#### PROBLEM
Given the records below, would you repeat exactly the lines that begin at the one containing "#2640 = EDGE_CURVE( '', #3218, #3220, #3221, .T." and end at the one containing "#4541 = VECTOR( '', #5763, 1000. );", inclusive?

#### GIVEN RECORDS
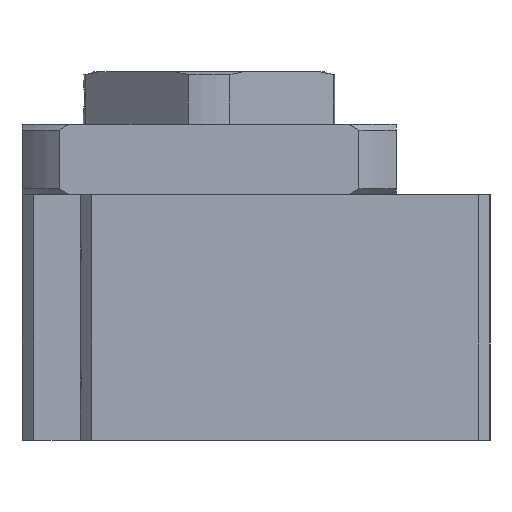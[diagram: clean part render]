
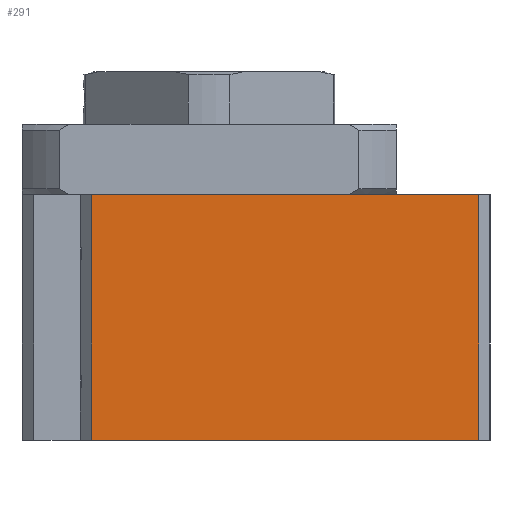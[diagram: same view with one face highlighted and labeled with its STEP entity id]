
A CAD part, left-side view. The second image highlights one B-rep face of the part: STEP entity #291.
In plain terms, the highlighted planar face has unit normal (-1, 0, 0).
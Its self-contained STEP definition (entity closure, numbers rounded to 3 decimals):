
#291 = ADVANCED_FACE( '', ( #640 ), #641, .T. );
#640 = FACE_OUTER_BOUND( '', #1062, .T. );
#641 = PLANE( '', #1063 );
#1062 = EDGE_LOOP( '', ( #2070, #2071, #2072, #2073 ) );
#1063 = AXIS2_PLACEMENT_3D( '', #2074, #2075, #2076 );
#2070 = ORIENTED_EDGE( '', *, *, #2556, .F. );
#2071 = ORIENTED_EDGE( '', *, *, #2639, .F. );
#2072 = ORIENTED_EDGE( '', *, *, #2640, .T. );
#2073 = ORIENTED_EDGE( '', *, *, #2641, .T. );
#2074 = CARTESIAN_POINT( '', ( -53., 20.08, -42. ) );
#2075 = DIRECTION( '', ( -1., 0., 0. ) );
#2076 = DIRECTION( '', ( 0., 0., 1. ) );
#2556 = EDGE_CURVE( '', #3082, #3084, #3085, .T. );
#2639 = EDGE_CURVE( '', #3218, #3082, #3219, .T. );
#2640 = EDGE_CURVE( '', #3218, #3220, #3221, .T. );
#2641 = EDGE_CURVE( '', #3220, #3084, #3222, .T. );
#3082 = VERTEX_POINT( '', #4536 );
#3084 = VERTEX_POINT( '', #4539 );
#3085 = LINE( '', #4540, #4541 );
#3218 = VERTEX_POINT( '', #5053 );
#3219 = LINE( '', #5054, #5055 );
#3220 = VERTEX_POINT( '', #5056 );
#3221 = LINE( '', #5057, #5058 );
#3222 = LINE( '', #5059, #5060 );
#4536 = CARTESIAN_POINT( '', ( -53., 20.08, 0. ) );
#4539 = CARTESIAN_POINT( '', ( -53., -46.08, 0. ) );
#4540 = CARTESIAN_POINT( '', ( -53., 20.08, 0. ) );
#4541 = VECTOR( '', #5763, 1000. );
#5053 = CARTESIAN_POINT( '', ( -53., 20.08, -42. ) );
#5054 = CARTESIAN_POINT( '', ( -53., 20.08, -42. ) );
#5055 = VECTOR( '', #5882, 1000. );
#5056 = CARTESIAN_POINT( '', ( -53., -46.08, -42. ) );
#5057 = CARTESIAN_POINT( '', ( -53., 20.08, -42. ) );
#5058 = VECTOR( '', #5883, 1000. );
#5059 = CARTESIAN_POINT( '', ( -53., -46.08, -42. ) );
#5060 = VECTOR( '', #5884, 1000. );
#5763 = DIRECTION( '', ( 0., -1., 0. ) );
#5882 = DIRECTION( '', ( 0., 0., 1. ) );
#5883 = DIRECTION( '', ( 0., -1., 0. ) );
#5884 = DIRECTION( '', ( 0., 0., 1. ) );

#### RESPONSE TO THIS TASK
#2640 = EDGE_CURVE( '', #3218, #3220, #3221, .T. );
#2641 = EDGE_CURVE( '', #3220, #3084, #3222, .T. );
#3082 = VERTEX_POINT( '', #4536 );
#3084 = VERTEX_POINT( '', #4539 );
#3085 = LINE( '', #4540, #4541 );
#3218 = VERTEX_POINT( '', #5053 );
#3219 = LINE( '', #5054, #5055 );
#3220 = VERTEX_POINT( '', #5056 );
#3221 = LINE( '', #5057, #5058 );
#3222 = LINE( '', #5059, #5060 );
#4536 = CARTESIAN_POINT( '', ( -53., 20.08, 0. ) );
#4539 = CARTESIAN_POINT( '', ( -53., -46.08, 0. ) );
#4540 = CARTESIAN_POINT( '', ( -53., 20.08, 0. ) );
#4541 = VECTOR( '', #5763, 1000. );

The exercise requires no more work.